Though California requires dispensaries to pay sales tax, state law requires that they also operate as non-profits and share the costs within closed groups of registered medical marijuana patients.

But California's four U.S. attorneys broadly assert that California dispensaries are reaping huge profits in violation of both state medical marijuana law and federal law, under which all marijuana is illegal. Federal prosecutors have sent out scores of notices threatening landlords leasing to marijuana business that their properties will be seized.

"The crackdown is counter-productive. It's irrational and it's going to drive this business underground," said Yee, whose coastal Board of Equalization District serves 21 counties from Santa Barbara to Del Norte. She also assailed the IRS penalty sought against Harborside, saying the government should direct its attention "to the real tax scofflaws."

While threatening broader actions, federal prosecutors have announced criminal charges against alleged bad actors in the medical marijuana industry accused of trafficking hundreds of pounds of marijuana out of state or pocketing millions of dollars from cultivation operations for marijuana stores.

In announcing charges last month, U.S. Attorney Benjamin Wagner in Sacramento said authorities were targeting large commercial operations, not marijuana patients.

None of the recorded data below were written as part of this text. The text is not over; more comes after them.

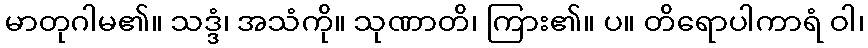
မာတုဂါမ၏။ သဒ္ဒံ၊ အသံကို။ သုဏာတိ၊ ကြား၏။ ပ။ တိရောပါကာရံ ဝါ၊
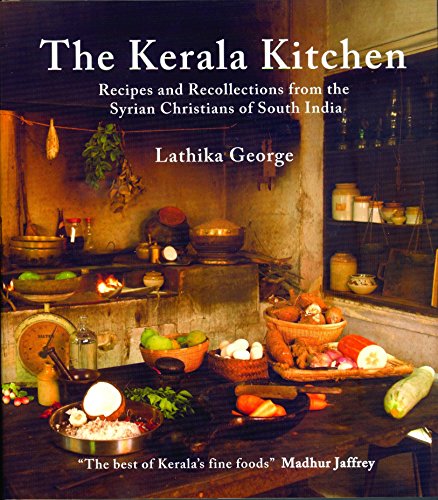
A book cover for The Kerala Kitchen: Recipes and Recollections from the Syrian Christians of South India (Hippocrene Cookbook Library); Lathika George; Cookbooks, Food & Wine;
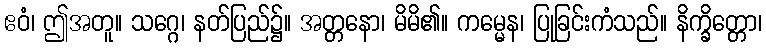
ဧဝံ၊ ဤအတူ။ သဂ္ဂေ၊ နတ်ပြည်၌။ အတ္တနော၊ မိမိ၏။ ကမ္မေန၊ ပြုခြင်းကံသည်။ နိက္ခိတ္တော၊
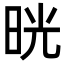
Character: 晄
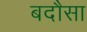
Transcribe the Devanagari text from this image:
बदौसा
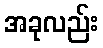
အခုလည်း
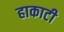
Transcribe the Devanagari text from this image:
हाकाटी
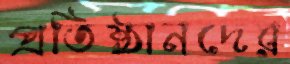
প্রতিষ্ঠানদের
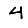
Digit: 4
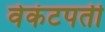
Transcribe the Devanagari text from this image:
वेकंटपती
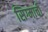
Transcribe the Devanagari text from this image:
सिग्माची
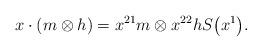
LaTeX: \begin{gather*} x \cdot (m \otimes h) = x^{21} m \otimes x^{22}h S\big(x^1\big). \end{gather*}
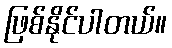
ဖြစ်နိုင်ပါတယ်။
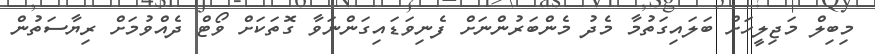
މިބިލް މަޖިލީހަށް ބަލައިގަތުމާ މެދު މެންބަރުންނަށް ފެނިވަޑައިގަންނަވާ ގޮތަކަށް ވޯޓް ދެއްވުމަށް ރިޔާސަތުން
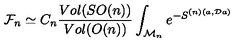
{ \cal F } _ { n } \simeq C _ { n } \frac { V o l ( S O ( n ) ) } { V o l ( O ( n ) ) } \int _ { { \cal M } _ { n } } e ^ { - S ^ { ( n ) ( a , { \cal D } a ) } }
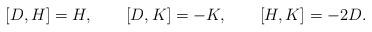
LaTeX: \begin{align*}[D,H] = H, \qquad [D,K] = -K, \qquad [H,K] = -2D.\end{align*}
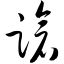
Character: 跄
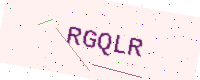
Text: RGQLR
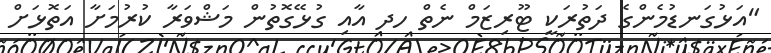
"އަޅުގަނޑުމެންގެ ދަތުރަކީ ޓޫރިޒަމް ނެތް ހދ އާއި ގުޅޭގޮތުން މަޝްވަރާ ކުރުމަށާ އަތޮޅަށް
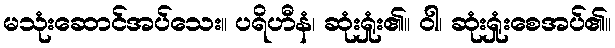
မသုံးဆောင်အပ်သေး။ ပရိဟီနံ၊ ဆုံးရှုံး၏။ ဝါ၊ ဆုံးရှုံးစေအပ်၏။
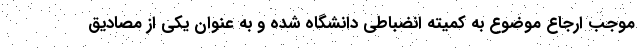
موجب ارجاع موضوع به کمیته انضباطی دانشگاه شده و به عنوان یکی از مصادیق
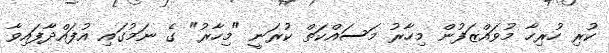
ކުރި ހުރިހާ މުވައްޒަފުން މިހާރު މަސައްކަތް ކުރަނީ "މިހާރު" ގެ ނަމުގައި އުފައްދާފައިވާ
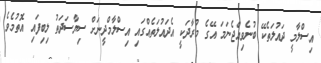
އިސްލާމީ ދައުލަތެކޭ ބުނެވިއްޖެނަމަ އޭގެ މުރާދަކީ އެދައުލަތެއްގައި އިސްލާމްދީނަށް ސިޔާސަދަތު ލިބިފައި އޮތުމެވެ.
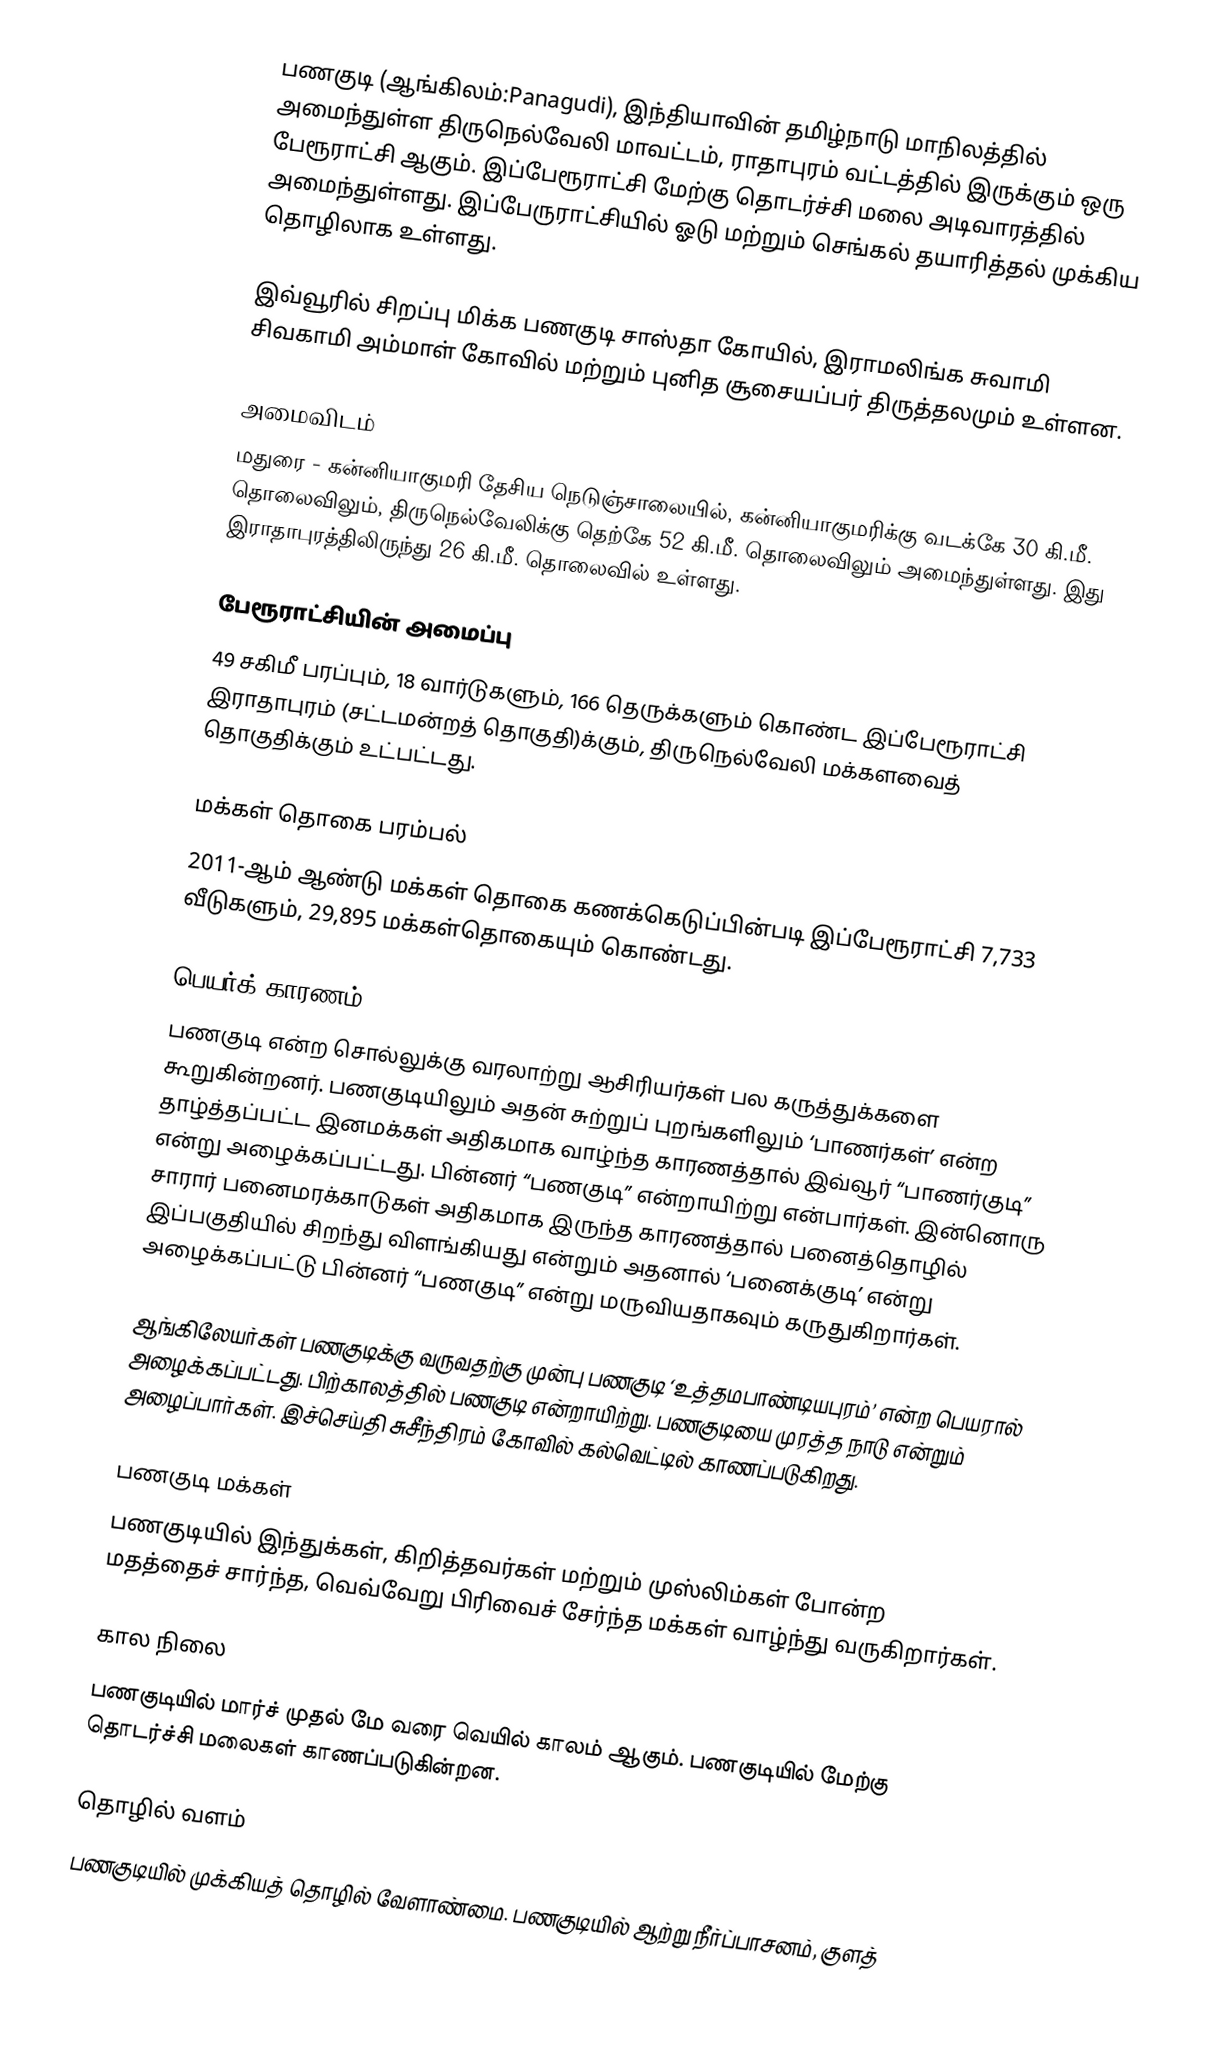
பணகுடி (ஆங்கிலம்:Panagudi), இந்தியாவின் தமிழ்நாடு மாநிலத்தில் அமைந்துள்ள திருநெல்வேலி மாவட்டம், ராதாபுரம் வட்டத்தில் இருக்கும் ஒரு பேரூராட்சி ஆகும். இப்பேரூராட்சி மேற்கு தொடர்ச்சி மலை அடிவாரத்தில் அமைந்துள்ளது. இப்பேருராட்சியில் ஓடு மற்றும் செங்கல் தயாரித்தல் முக்கிய தொழிலாக உள்ளது.

இவ்வூரில் சிறப்பு மிக்க பணகுடி சாஸ்தா கோயில், இராமலிங்க சுவாமி சிவகாமி அம்மாள் கோவில் மற்றும் புனித சூசையப்பர் திருத்தலமும் உள்ளன.

அமைவிடம்
மதுரை - கன்னியாகுமரி  தேசிய நெடுஞ்சாலையில், கன்னியாகுமரிக்கு வடக்கே 30 கி.மீ. தொலைவிலும், திருநெல்வேலிக்கு தெற்கே 52 கி.மீ. தொலைவிலும் அமைந்துள்ளது. இது இராதாபுரத்திலிருந்து 26 கி.மீ. தொலைவில் உள்ளது.

பேரூராட்சியின் அமைப்பு
49 சகிமீ பரப்பும், 18 வார்டுகளும், 166 தெருக்களும் கொண்ட இப்பேரூராட்சி  இராதாபுரம் (சட்டமன்றத் தொகுதி)க்கும், திருநெல்வேலி மக்களவைத் தொகுதிக்கும் உட்பட்டது.

மக்கள் தொகை பரம்பல்
2011-ஆம் ஆண்டு மக்கள் தொகை கணக்கெடுப்பின்படி  இப்பேரூராட்சி 7,733 வீடுகளும், 29,895 மக்கள்தொகையும் கொண்டது.

பெயர்க் காரணம்
பணகுடி என்ற சொல்லுக்கு வரலாற்று ஆசிரியர்கள் பல கருத்துக்களை கூறுகின்றனர். பணகுடியிலும் அதன் சுற்றுப் புறங்களிலும் ‘பாணர்கள்’ என்ற தாழ்த்தப்பட்ட இனமக்கள் அதிகமாக வாழ்ந்த காரணத்தால் இவ்வூர் “பாணர்குடி” என்று அழைக்கப்பட்டது. பின்னர் “பணகுடி” என்றாயிற்று என்பார்கள். இன்னொரு சாரார் பனைமரக்காடுகள் அதிகமாக இருந்த காரணத்தால் பனைத்தொழில் இப்பகுதியில் சிறந்து விளங்கியது என்றும் அதனால் ‘பனைக்குடி’ என்று அழைக்கப்பட்டு பின்னர் “பணகுடி” என்று மருவியதாகவும் கருதுகிறார்கள்.

ஆங்கிலேயர்கள் பணகுடிக்கு வருவதற்கு முன்பு பணகுடி ‘உத்தமபாண்டியபுரம்’ என்ற பெயரால் அழைக்கப்பட்டது. பிற்காலத்தில் பணகுடி என்றாயிற்று. பணகுடியை முரத்த நாடு என்றும் அழைப்பார்கள். இச்செய்தி சுசீந்திரம் கோவில் கல்வெட்டில் காணப்படுகிறது.

பணகுடி மக்கள்
பணகுடியில் இந்துக்கள், கிறித்தவர்கள் மற்றும் முஸ்லிம்கள் போன்ற மதத்தைச் சார்ந்த, வெவ்வேறு பிரிவைச் சேர்ந்த மக்கள் வாழ்ந்து வருகிறார்கள்.

கால நிலை
பணகுடியில் மார்ச் முதல் மே வரை வெயில் காலம் ஆகும். பணகுடியில் மேற்கு தொடர்ச்சி மலைகள் காணப்படுகின்றன.

தொழில் வளம்
பணகுடியில் முக்கியத் தொழில் வேளாண்மை. பணகுடியில் ஆற்று நீர்ப்பாசனம், குளத்

He said, "Our interest in enforcing federal law is not in prosecuting seriously ill people."

But as some 200 medical marijuana advocates turned out for the courthouse rally today, they characterized federal actions as an attack on medical users and on dispensaries providing jobs to thousands of Californians.

Dan Rush, whose United Food and Commercial Workers International Union is organizing California medical marijuana workers, said federal actions could drive legitimate medical marijuana business underground and boost criminal drug operations.

"It is corporate welfare for the cartels," said Rush, whose union is pushing for an ballot initiative for statewide regulation of the medical marijuana industry in hopes of warding off federal intervention. "You're putting decent people out of work and you're forcing patients into the street."